(Data for review begins)

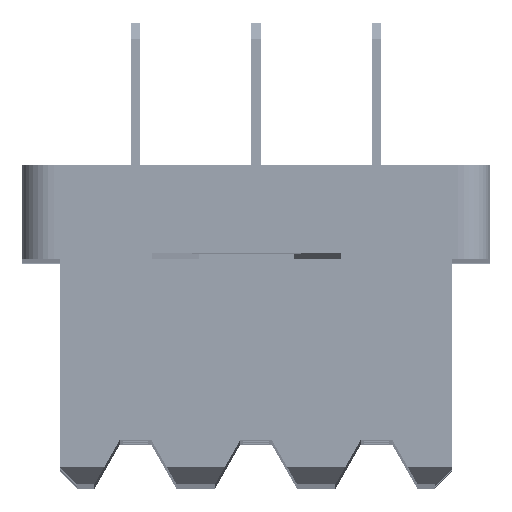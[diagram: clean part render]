
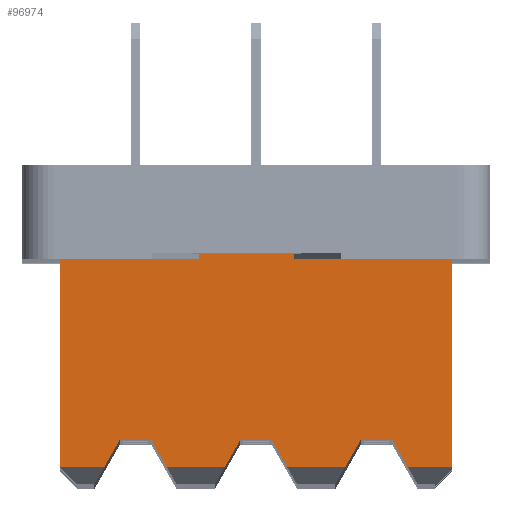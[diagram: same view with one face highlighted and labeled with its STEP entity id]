
A CAD part, top view. The second image highlights one B-rep face of the part: STEP entity #96974.
In plain terms, the highlighted planar face has unit normal (0, 0, 1).
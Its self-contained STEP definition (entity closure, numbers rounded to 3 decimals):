
#46205=PLANE('',#226061);
#61901=LINE('',#308768,#78999);
#61906=LINE('',#308777,#79004);
#61914=LINE('',#308794,#79012);
#61921=LINE('',#308810,#79019);
#61962=LINE('',#308881,#79060);
#64637=LINE('',#316483,#81735);
#66735=LINE('',#322803,#83833);
#66740=LINE('',#322812,#83838);
#66745=LINE('',#322822,#83843);
#66754=LINE('',#322840,#83852);
#66923=LINE('',#323272,#84021);
#67045=LINE('',#323549,#84143);
#67046=LINE('',#323551,#84144);
#67048=LINE('',#323555,#84146);
#67055=LINE('',#323566,#84153);
#67057=LINE('',#323570,#84155);
#67059=LINE('',#323574,#84157);
#67068=LINE('',#323594,#84166);
#67074=LINE('',#323606,#84172);
#67180=LINE('',#323897,#84278);
#67181=LINE('',#323899,#84279);
#67182=LINE('',#323901,#84280);
#67183=LINE('',#323903,#84281);
#67184=LINE('',#323904,#84282);
#78999=VECTOR('',#246574,1.);
#79004=VECTOR('',#246581,1.);
#79012=VECTOR('',#246593,1.);
#79019=VECTOR('',#246604,1.);
#79060=VECTOR('',#246661,1.);
#81735=VECTOR('',#251900,1.);
#83833=VECTOR('',#256074,1.);
#83838=VECTOR('',#256081,1.);
#83843=VECTOR('',#256090,1.);
#83852=VECTOR('',#256101,1.);
#84021=VECTOR('',#256454,1.);
#84143=VECTOR('',#256692,1.);
#84144=VECTOR('',#256695,1.);
#84146=VECTOR('',#256699,1.);
#84153=VECTOR('',#256710,1.);
#84155=VECTOR('',#256714,1.);
#84157=VECTOR('',#256718,1.);
#84166=VECTOR('',#256731,1.);
#84172=VECTOR('',#256743,1.);
#84278=VECTOR('',#256981,1.);
#84279=VECTOR('',#256984,1.);
#84280=VECTOR('',#256985,1.);
#84281=VECTOR('',#256986,1.);
#84282=VECTOR('',#256987,1.);
#96974=ADVANCED_FACE('',(#106142),#46205,.T.);
#106142=FACE_OUTER_BOUND('',#115184,.T.);
#115184=EDGE_LOOP('',(#147114,#147115,#147116,#147117,#147118,#147119,#147120,
#147121,#147122,#147123,#147124,#147125,#147126,#147127,#147128,#147129,
#147130,#147131,#147132,#147133,#147134,#147135,#147136,#147137));
#147114=ORIENTED_EDGE('',*,*,#203903,.T.);
#147115=ORIENTED_EDGE('',*,*,#203894,.T.);
#147116=ORIENTED_EDGE('',*,*,#203910,.T.);
#147117=ORIENTED_EDGE('',*,*,#203892,.F.);
#147118=ORIENTED_EDGE('',*,*,#203890,.T.);
#147119=ORIENTED_EDGE('',*,*,#203744,.T.);
#147120=ORIENTED_EDGE('',*,*,#203883,.T.);
#147121=ORIENTED_EDGE('',*,*,#203881,.F.);
#147122=ORIENTED_EDGE('',*,*,#203880,.T.);
#147123=ORIENTED_EDGE('',*,*,#204043,.F.);
#147124=ORIENTED_EDGE('',*,*,#204044,.T.);
#147125=ORIENTED_EDGE('',*,*,#204045,.F.);
#147126=ORIENTED_EDGE('',*,*,#203529,.T.);
#147127=ORIENTED_EDGE('',*,*,#203534,.F.);
#147128=ORIENTED_EDGE('',*,*,#200939,.T.);
#147129=ORIENTED_EDGE('',*,*,#203539,.F.);
#147130=ORIENTED_EDGE('',*,*,#203548,.T.);
#147131=ORIENTED_EDGE('',*,*,#204046,.F.);
#147132=ORIENTED_EDGE('',*,*,#197686,.T.);
#147133=ORIENTED_EDGE('',*,*,#197693,.F.);
#147134=ORIENTED_EDGE('',*,*,#197738,.T.);
#147135=ORIENTED_EDGE('',*,*,#197678,.F.);
#147136=ORIENTED_EDGE('',*,*,#197673,.T.);
#147137=ORIENTED_EDGE('',*,*,#204042,.F.);
#177886=VERTEX_POINT('',#308761);
#177889=VERTEX_POINT('',#308769);
#177892=VERTEX_POINT('',#308778);
#177898=VERTEX_POINT('',#308793);
#177899=VERTEX_POINT('',#308795);
#177904=VERTEX_POINT('',#308808);
#179955=VERTEX_POINT('',#316484);
#179956=VERTEX_POINT('',#316485);
#181641=VERTEX_POINT('',#322801);
#181643=VERTEX_POINT('',#322804);
#181647=VERTEX_POINT('',#322820);
#181655=VERTEX_POINT('',#322838);
#181776=VERTEX_POINT('',#323273);
#181777=VERTEX_POINT('',#323274);
#181871=VERTEX_POINT('',#323545);
#181872=VERTEX_POINT('',#323548);
#181873=VERTEX_POINT('',#323552);
#181876=VERTEX_POINT('',#323567);
#181877=VERTEX_POINT('',#323571);
#181878=VERTEX_POINT('',#323575);
#181879=VERTEX_POINT('',#323576);
#181887=VERTEX_POINT('',#323595);
#181969=VERTEX_POINT('',#323900);
#181970=VERTEX_POINT('',#323902);
#197673=EDGE_CURVE('',#177889,#177886,#61901,.T.);
#197678=EDGE_CURVE('',#177889,#177892,#61906,.T.);
#197686=EDGE_CURVE('',#177899,#177898,#61914,.T.);
#197693=EDGE_CURVE('',#177904,#177898,#61921,.T.);
#197738=EDGE_CURVE('',#177904,#177892,#61962,.T.);
#200939=EDGE_CURVE('',#179955,#179956,#64637,.T.);
#203529=EDGE_CURVE('',#181643,#181641,#66735,.T.);
#203534=EDGE_CURVE('',#179955,#181641,#66740,.T.);
#203539=EDGE_CURVE('',#181647,#179956,#66745,.T.);
#203548=EDGE_CURVE('',#181647,#181655,#66754,.T.);
#203744=EDGE_CURVE('',#181776,#181777,#66923,.T.);
#203880=EDGE_CURVE('',#181871,#181872,#67045,.T.);
#203881=EDGE_CURVE('',#181871,#181873,#67046,.T.);
#203883=EDGE_CURVE('',#181777,#181873,#67048,.T.);
#203890=EDGE_CURVE('',#181876,#181776,#67055,.T.);
#203892=EDGE_CURVE('',#181876,#181877,#67057,.T.);
#203894=EDGE_CURVE('',#181878,#181879,#67059,.T.);
#203903=EDGE_CURVE('',#181887,#181878,#67068,.T.);
#203910=EDGE_CURVE('',#181879,#181877,#67074,.T.);
#204042=EDGE_CURVE('',#181887,#177886,#67180,.T.);
#204043=EDGE_CURVE('',#181969,#181872,#67181,.T.);
#204044=EDGE_CURVE('',#181969,#181970,#67182,.T.);
#204045=EDGE_CURVE('',#181643,#181970,#67183,.T.);
#204046=EDGE_CURVE('',#177899,#181655,#67184,.T.);
#226061=AXIS2_PLACEMENT_3D('',#323905,#256988,#256989);
#246574=DIRECTION('',(1.,0.,0.));
#246581=DIRECTION('',(-0.496,0.868,0.));
#246593=DIRECTION('',(1.,0.,0.));
#246604=DIRECTION('',(-0.496,-0.868,0.));
#246661=DIRECTION('',(1.,0.,0.));
#251900=DIRECTION('',(1.,0.,0.));
#256074=DIRECTION('',(1.,0.,0.));
#256081=DIRECTION('',(-0.496,0.868,0.));
#256090=DIRECTION('',(-0.496,-0.868,0.));
#256101=DIRECTION('',(1.,0.,0.));
#256454=DIRECTION('',(0.,-1.,0.));
#256692=DIRECTION('',(-1.,0.,0.));
#256695=DIRECTION('',(0.,-1.,0.));
#256699=DIRECTION('',(-1.,0.,0.));
#256710=DIRECTION('',(-1.,0.,0.));
#256714=DIRECTION('',(0.,-1.,0.));
#256718=DIRECTION('',(0.,-1.,0.));
#256731=DIRECTION('',(-1.,0.,0.));
#256743=DIRECTION('',(-1.,0.,0.));
#256981=DIRECTION('',(0.,-1.,0.));
#256984=DIRECTION('',(0.,1.,0.));
#256985=DIRECTION('',(1.,0.,0.));
#256986=DIRECTION('',(-0.496,-0.868,0.));
#256987=DIRECTION('',(-0.496,0.868,0.));
#256988=DIRECTION('',(0.,0.,1.));
#256989=DIRECTION('',(1.,0.,0.));
#308761=CARTESIAN_POINT('',(6.2,0.55,42.45));
#308768=CARTESIAN_POINT('',(4.796,0.55,42.45));
#308769=CARTESIAN_POINT('',(4.796,0.55,42.45));
#308777=CARTESIAN_POINT('',(4.796,0.55,42.45));
#308778=CARTESIAN_POINT('',(4.31,1.4,42.45));
#308793=CARTESIAN_POINT('',(2.824,0.55,42.45));
#308794=CARTESIAN_POINT('',(0.986,0.55,42.45));
#308795=CARTESIAN_POINT('',(0.986,0.55,42.45));
#308808=CARTESIAN_POINT('',(3.31,1.4,42.45));
#308810=CARTESIAN_POINT('',(3.31,1.4,42.45));
#308881=CARTESIAN_POINT('',(3.31,1.4,42.45));
#316483=CARTESIAN_POINT('',(-2.824,0.55,42.45));
#316484=CARTESIAN_POINT('',(-2.824,0.55,42.45));
#316485=CARTESIAN_POINT('',(-0.986,0.55,42.45));
#322801=CARTESIAN_POINT('',(-3.31,1.4,42.45));
#322803=CARTESIAN_POINT('',(-4.31,1.4,42.45));
#322804=CARTESIAN_POINT('',(-4.31,1.4,42.45));
#322812=CARTESIAN_POINT('',(-2.824,0.55,42.45));
#322820=CARTESIAN_POINT('',(-0.5,1.4,42.45));
#322822=CARTESIAN_POINT('',(-0.5,1.4,42.45));
#322838=CARTESIAN_POINT('',(0.5,1.4,42.45));
#322840=CARTESIAN_POINT('',(-0.5,1.4,42.45));
#323272=CARTESIAN_POINT('',(-1.8,7.3,42.45));
#323273=CARTESIAN_POINT('',(-1.8,7.3,42.45));
#323274=CARTESIAN_POINT('',(-1.8,7.13,42.45));
#323545=CARTESIAN_POINT('',(-4.375,8.58,42.45));
#323548=CARTESIAN_POINT('',(-6.2,8.58,42.45));
#323549=CARTESIAN_POINT('',(-4.375,8.58,42.45));
#323551=CARTESIAN_POINT('',(-4.375,8.58,42.45));
#323552=CARTESIAN_POINT('',(-4.375,7.13,42.45));
#323555=CARTESIAN_POINT('',(-1.8,7.13,42.45));
#323566=CARTESIAN_POINT('',(1.2,7.3,42.45));
#323567=CARTESIAN_POINT('',(1.2,7.3,42.45));
#323570=CARTESIAN_POINT('',(1.2,7.3,42.45));
#323571=CARTESIAN_POINT('',(1.2,7.13,42.45));
#323574=CARTESIAN_POINT('',(4.375,8.58,42.45));
#323575=CARTESIAN_POINT('',(4.375,8.58,42.45));
#323576=CARTESIAN_POINT('',(4.375,7.13,42.45));
#323594=CARTESIAN_POINT('',(6.2,8.58,42.45));
#323595=CARTESIAN_POINT('',(6.2,8.58,42.45));
#323606=CARTESIAN_POINT('',(4.375,7.13,42.45));
#323897=CARTESIAN_POINT('',(6.2,8.58,42.45));
#323899=CARTESIAN_POINT('',(-6.2,0.55,42.45));
#323900=CARTESIAN_POINT('',(-6.2,0.55,42.45));
#323901=CARTESIAN_POINT('',(-6.2,0.55,42.45));
#323902=CARTESIAN_POINT('',(-4.796,0.55,42.45));
#323903=CARTESIAN_POINT('',(-4.31,1.4,42.45));
#323904=CARTESIAN_POINT('',(0.986,0.55,42.45));
#323905=CARTESIAN_POINT('',(-6.2,0.,42.45));

(Data for review ends)

## [Work request]
Please set down exactly the lines from the first line of the data above through the line with "#84155=VECTOR('',#256714,1.);", both included, leaving out the pictures.

## [Your response]
[diagram: clean part render]
[diagram: same view with one face highlighted and labeled with its STEP entity id]
A CAD part, top view. The second image highlights one B-rep face of the part: STEP entity #96974.
In plain terms, the highlighted planar face has unit normal (0, 0, 1).
Its self-contained STEP definition (entity closure, numbers rounded to 3 decimals):
#46205=PLANE('',#226061);
#61901=LINE('',#308768,#78999);
#61906=LINE('',#308777,#79004);
#61914=LINE('',#308794,#79012);
#61921=LINE('',#308810,#79019);
#61962=LINE('',#308881,#79060);
#64637=LINE('',#316483,#81735);
#66735=LINE('',#322803,#83833);
#66740=LINE('',#322812,#83838);
#66745=LINE('',#322822,#83843);
#66754=LINE('',#322840,#83852);
#66923=LINE('',#323272,#84021);
#67045=LINE('',#323549,#84143);
#67046=LINE('',#323551,#84144);
#67048=LINE('',#323555,#84146);
#67055=LINE('',#323566,#84153);
#67057=LINE('',#323570,#84155);
#67059=LINE('',#323574,#84157);
#67068=LINE('',#323594,#84166);
#67074=LINE('',#323606,#84172);
#67180=LINE('',#323897,#84278);
#67181=LINE('',#323899,#84279);
#67182=LINE('',#323901,#84280);
#67183=LINE('',#323903,#84281);
#67184=LINE('',#323904,#84282);
#78999=VECTOR('',#246574,1.);
#79004=VECTOR('',#246581,1.);
#79012=VECTOR('',#246593,1.);
#79019=VECTOR('',#246604,1.);
#79060=VECTOR('',#246661,1.);
#81735=VECTOR('',#251900,1.);
#83833=VECTOR('',#256074,1.);
#83838=VECTOR('',#256081,1.);
#83843=VECTOR('',#256090,1.);
#83852=VECTOR('',#256101,1.);
#84021=VECTOR('',#256454,1.);
#84143=VECTOR('',#256692,1.);
#84144=VECTOR('',#256695,1.);
#84146=VECTOR('',#256699,1.);
#84153=VECTOR('',#256710,1.);
#84155=VECTOR('',#256714,1.);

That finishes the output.